Records to use —
####################

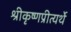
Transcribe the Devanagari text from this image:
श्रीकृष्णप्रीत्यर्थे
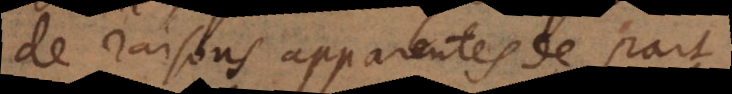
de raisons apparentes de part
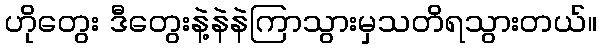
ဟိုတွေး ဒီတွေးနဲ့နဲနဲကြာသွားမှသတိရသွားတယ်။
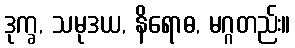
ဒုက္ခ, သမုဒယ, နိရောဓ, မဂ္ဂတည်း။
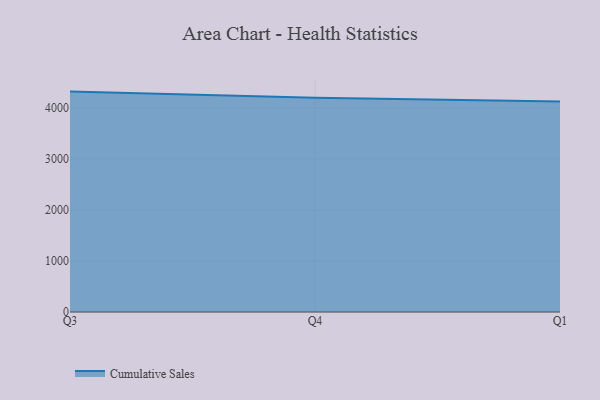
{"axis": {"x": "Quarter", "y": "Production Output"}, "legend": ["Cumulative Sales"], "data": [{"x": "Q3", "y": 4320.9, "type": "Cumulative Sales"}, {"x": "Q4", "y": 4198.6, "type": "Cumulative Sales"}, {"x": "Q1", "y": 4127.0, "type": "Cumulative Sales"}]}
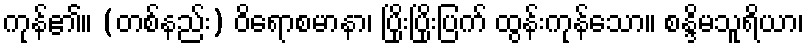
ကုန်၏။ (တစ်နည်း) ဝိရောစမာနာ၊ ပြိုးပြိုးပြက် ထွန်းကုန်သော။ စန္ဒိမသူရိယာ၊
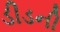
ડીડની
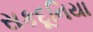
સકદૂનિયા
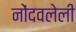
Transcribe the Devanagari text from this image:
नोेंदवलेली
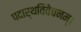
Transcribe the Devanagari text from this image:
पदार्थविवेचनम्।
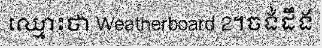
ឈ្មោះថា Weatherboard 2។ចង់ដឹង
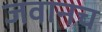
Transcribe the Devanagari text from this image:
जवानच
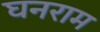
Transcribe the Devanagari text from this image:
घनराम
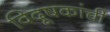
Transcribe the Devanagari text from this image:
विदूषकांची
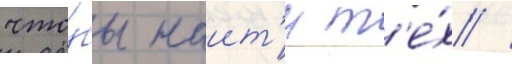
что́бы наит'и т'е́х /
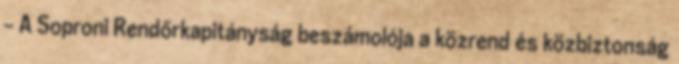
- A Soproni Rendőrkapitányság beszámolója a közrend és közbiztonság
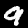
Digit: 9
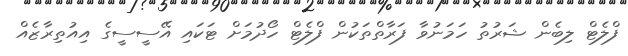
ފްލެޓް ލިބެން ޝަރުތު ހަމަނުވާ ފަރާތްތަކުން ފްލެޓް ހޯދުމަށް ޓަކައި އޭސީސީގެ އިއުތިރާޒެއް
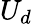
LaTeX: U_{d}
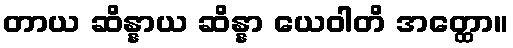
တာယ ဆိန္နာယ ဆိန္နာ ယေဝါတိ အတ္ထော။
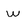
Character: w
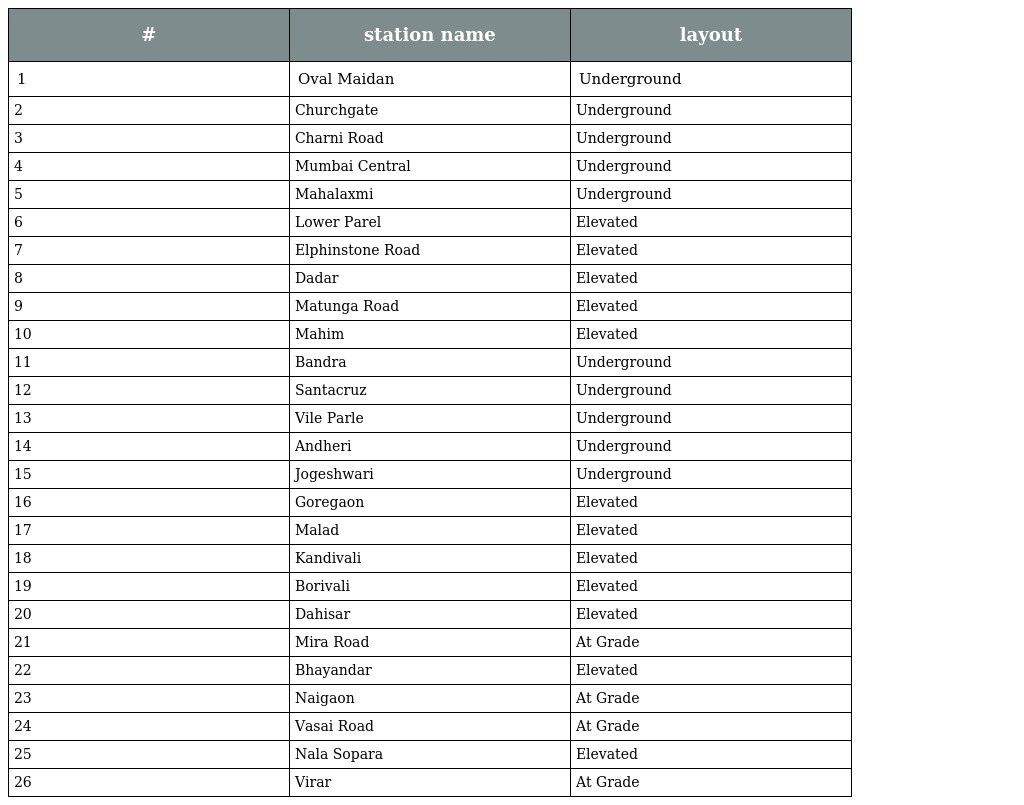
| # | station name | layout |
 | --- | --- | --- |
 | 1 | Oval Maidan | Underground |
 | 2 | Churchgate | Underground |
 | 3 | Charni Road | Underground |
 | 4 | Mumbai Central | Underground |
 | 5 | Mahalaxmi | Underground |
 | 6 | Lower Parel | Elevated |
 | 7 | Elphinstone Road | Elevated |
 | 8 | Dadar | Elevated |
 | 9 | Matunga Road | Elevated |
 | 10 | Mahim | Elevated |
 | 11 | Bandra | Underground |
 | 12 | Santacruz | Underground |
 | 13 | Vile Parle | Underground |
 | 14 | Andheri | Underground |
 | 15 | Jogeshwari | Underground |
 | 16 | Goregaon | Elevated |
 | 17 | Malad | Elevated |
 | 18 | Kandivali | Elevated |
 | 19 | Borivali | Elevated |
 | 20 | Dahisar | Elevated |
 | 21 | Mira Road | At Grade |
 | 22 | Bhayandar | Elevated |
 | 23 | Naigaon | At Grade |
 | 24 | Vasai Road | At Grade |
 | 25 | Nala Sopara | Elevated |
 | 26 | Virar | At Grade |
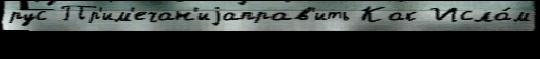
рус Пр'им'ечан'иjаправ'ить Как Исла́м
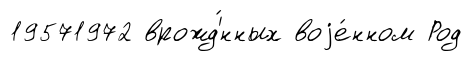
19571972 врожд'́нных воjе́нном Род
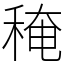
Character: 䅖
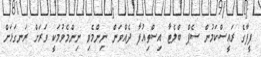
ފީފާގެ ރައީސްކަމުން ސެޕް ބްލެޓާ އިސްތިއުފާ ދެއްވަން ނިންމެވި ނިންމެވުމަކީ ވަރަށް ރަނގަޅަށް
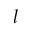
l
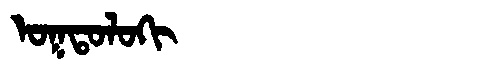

####################

Exercise objective — Word for word, return the material above; the pictures stay out.

Reply —
Transcribe the Devanagari text from this image:
श्रीकृष्णप्रीत्यर्थे
de raisons apparentes de part
ဟိုတွေး ဒီတွေးနဲ့နဲနဲကြာသွားမှသတိရသွားတယ်။
ဒုက္ခ, သမုဒယ, နိရောဓ, မဂ္ဂတည်း။
{"axis": {"x": "Quarter", "y": "Production Output"}, "legend": ["Cumulative Sales"], "data": [{"x": "Q3", "y": 4320.9, "type": "Cumulative Sales"}, {"x": "Q4", "y": 4198.6, "type": "Cumulative Sales"}, {"x": "Q1", "y": 4127.0, "type": "Cumulative Sales"}]}
ကုန်၏။ (တစ်နည်း) ဝိရောစမာနာ၊ ပြိုးပြိုးပြက် ထွန်းကုန်သော။ စန္ဒိမသူရိယာ၊
ડીડની
સકદૂનિયા
Transcribe the Devanagari text from this image:
नोेंदवलेली
Transcribe the Devanagari text from this image:
पदार्थविवेचनम्।
ឈ្មោះថា Weatherboard 2។ចង់ដឹង
Transcribe the Devanagari text from this image:
जवानच
Transcribe the Devanagari text from this image:
घनराम
Transcribe the Devanagari text from this image:
विदूषकांची
что́бы наит'и т'е́х /
- A Soproni Rendőrkapitányság beszámolója a közrend és közbiztonság
Digit: 9
ފްލެޓް ލިބެން ޝަރުތު ހަމަނުވާ ފަރާތްތަކުން ފްލެޓް ހޯދުމަށް ޓަކައި އޭސީސީގެ އިއުތިރާޒެއް
LaTeX: U_{d}
တာယ ဆိန္နာယ ဆိန္နာ ယေဝါတိ အတ္ထော။
Character: w
| # | station name | layout |
 | --- | --- | --- |
 | 1 | Oval Maidan | Underground |
 | 2 | Churchgate | Underground |
 | 3 | Charni Road | Underground |
 | 4 | Mumbai Central | Underground |
 | 5 | Mahalaxmi | Underground |
 | 6 | Lower Parel | Elevated |
 | 7 | Elphinstone Road | Elevated |
 | 8 | Dadar | Elevated |
 | 9 | Matunga Road | Elevated |
 | 10 | Mahim | Elevated |
 | 11 | Bandra | Underground |
 | 12 | Santacruz | Underground |
 | 13 | Vile Parle | Underground |
 | 14 | Andheri | Underground |
 | 15 | Jogeshwari | Underground |
 | 16 | Goregaon | Elevated |
 | 17 | Malad | Elevated |
 | 18 | Kandivali | Elevated |
 | 19 | Borivali | Elevated |
 | 20 | Dahisar | Elevated |
 | 21 | Mira Road | At Grade |
 | 22 | Bhayandar | Elevated |
 | 23 | Naigaon | At Grade |
 | 24 | Vasai Road | At Grade |
 | 25 | Nala Sopara | Elevated |
 | 26 | Virar | At Grade |
рус Пр'им'ечан'иjаправ'ить Как Исла́м
19571972 врожд'́нных воjе́нном Род
Character: 䅖
ފީފާގެ ރައީސްކަމުން ސެޕް ބްލެޓާ އިސްތިއުފާ ދެއްވަން ނިންމެވި ނިންމެވުމަކީ ވަރަށް ރަނގަޅަށް
l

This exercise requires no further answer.